Эти слова камнем висели на душе у Ксении, и никак не хотели уходить из памяти, даже безмятежное существование на Черноморском курорте не смогло полностью подарить желанный покой.

Когда Метлицкий предложил отправиться к морю, то Ксения поначалу хотела выбрать Сочи, чтобы избежать внимания со стороны бабушки, отличающейся железным характером и изрядной проницательностью. Но потом вдруг решила проверить настолько ли она морально пала в глазах своих родственников.

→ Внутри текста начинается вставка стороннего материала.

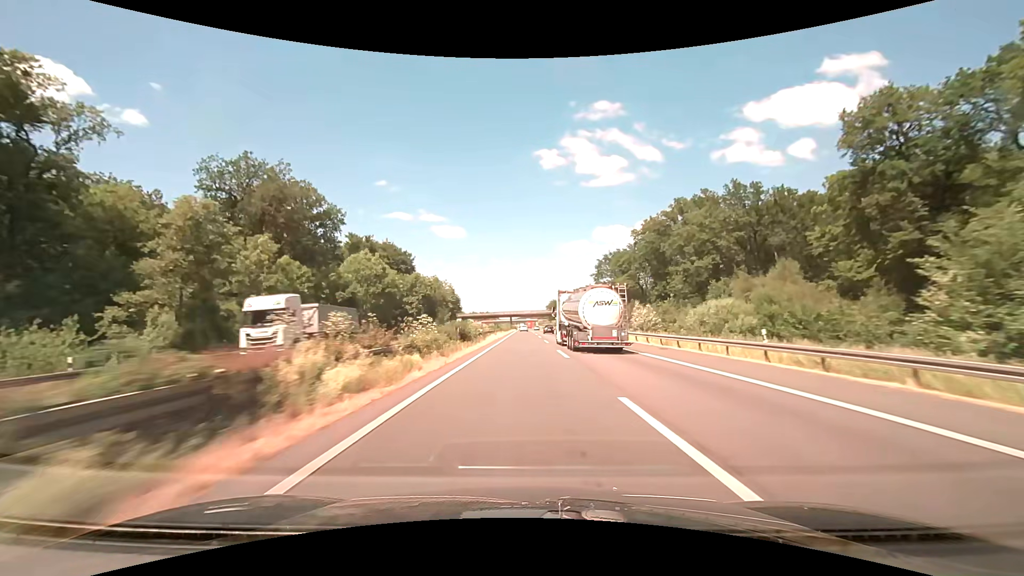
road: motorway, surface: asphalt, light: Day
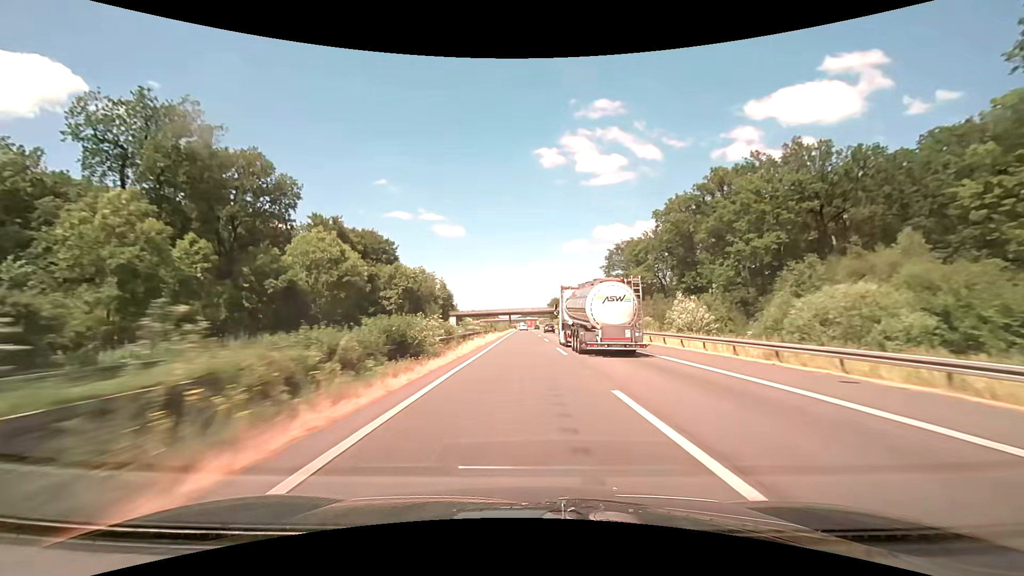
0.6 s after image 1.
(+0.1, +17.0) m; 0°
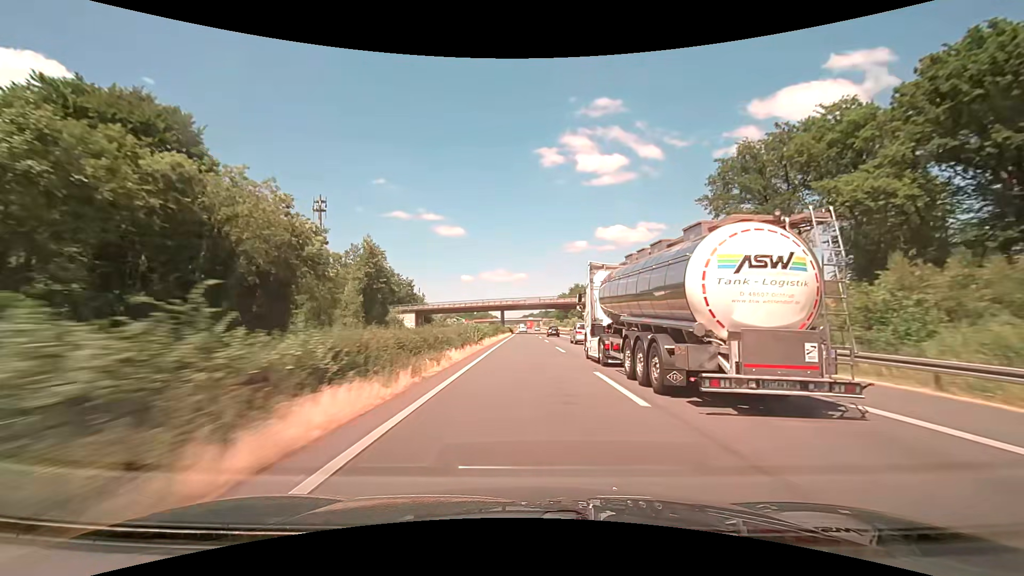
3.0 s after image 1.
(-0.3, +67.7) m; 0°
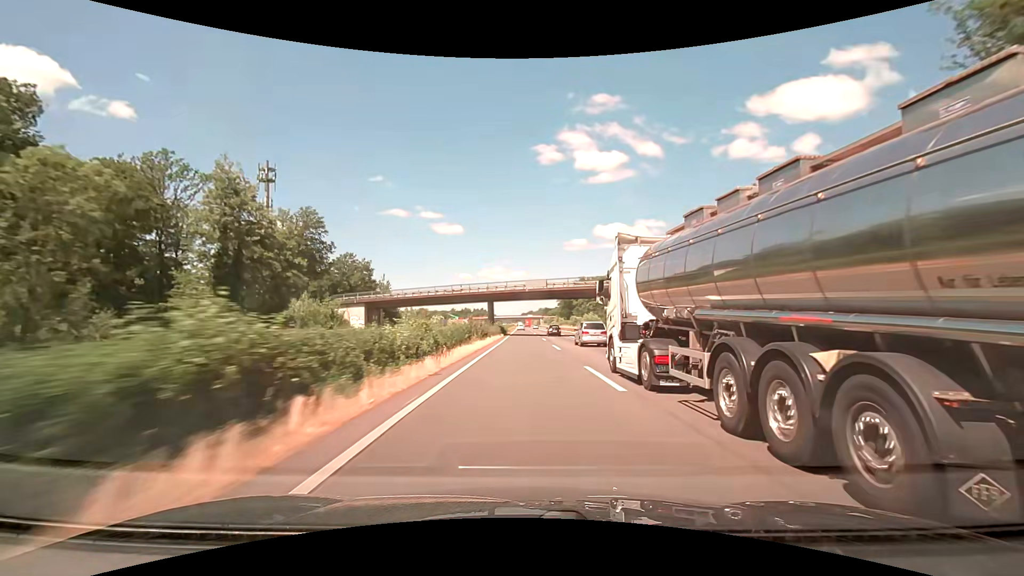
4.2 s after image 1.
(0.0, +33.8) m; 0°
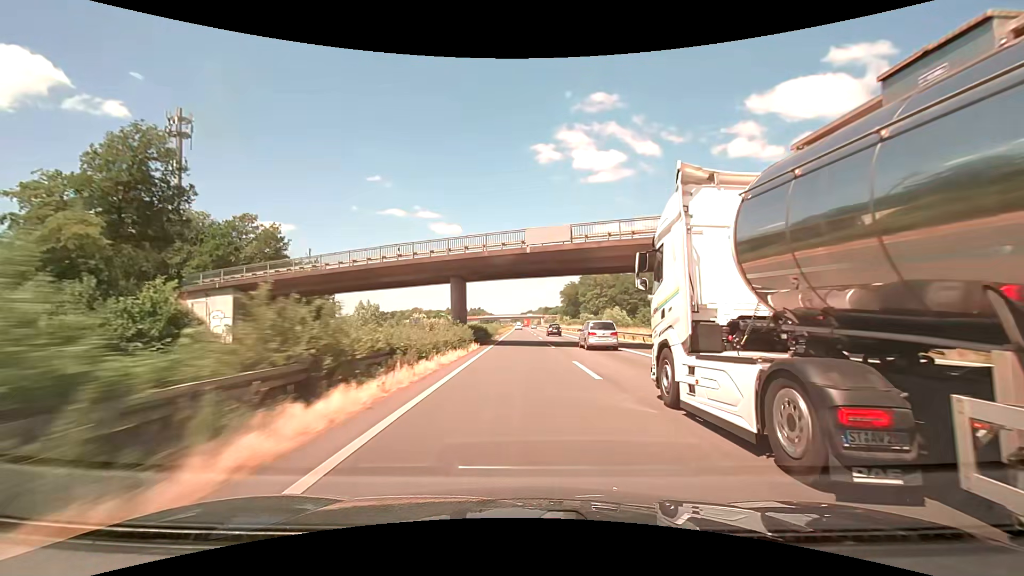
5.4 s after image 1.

Софья Михайловна приняла появление внучки в компании с мужчиной, который старше нее практически в два раза, на удивление спокойно, философски рассудив, что поздно делать замечания и пытаться уберечь от страданий, если она уже сделала свой выбор. Тема совместного будущего умело обходилась стороной в разговорах, но умудренная опытом женщина все же поселила внучку и ее спутника в одной комнате дома отдыха, записав их на другое имя супругов, которые делали бронь, но ее сняли. Пересуды и перетолки не были нужны, все это прекрасно понимали.

Однажды вечером, когда Ксения осталась наедине с бабушкой на террасе за столиком, Софья Михайловна после длительного разглядывания своей внучки, все же завела разговор, из-за которого уже третий день у девушки на сердце было неспокойно.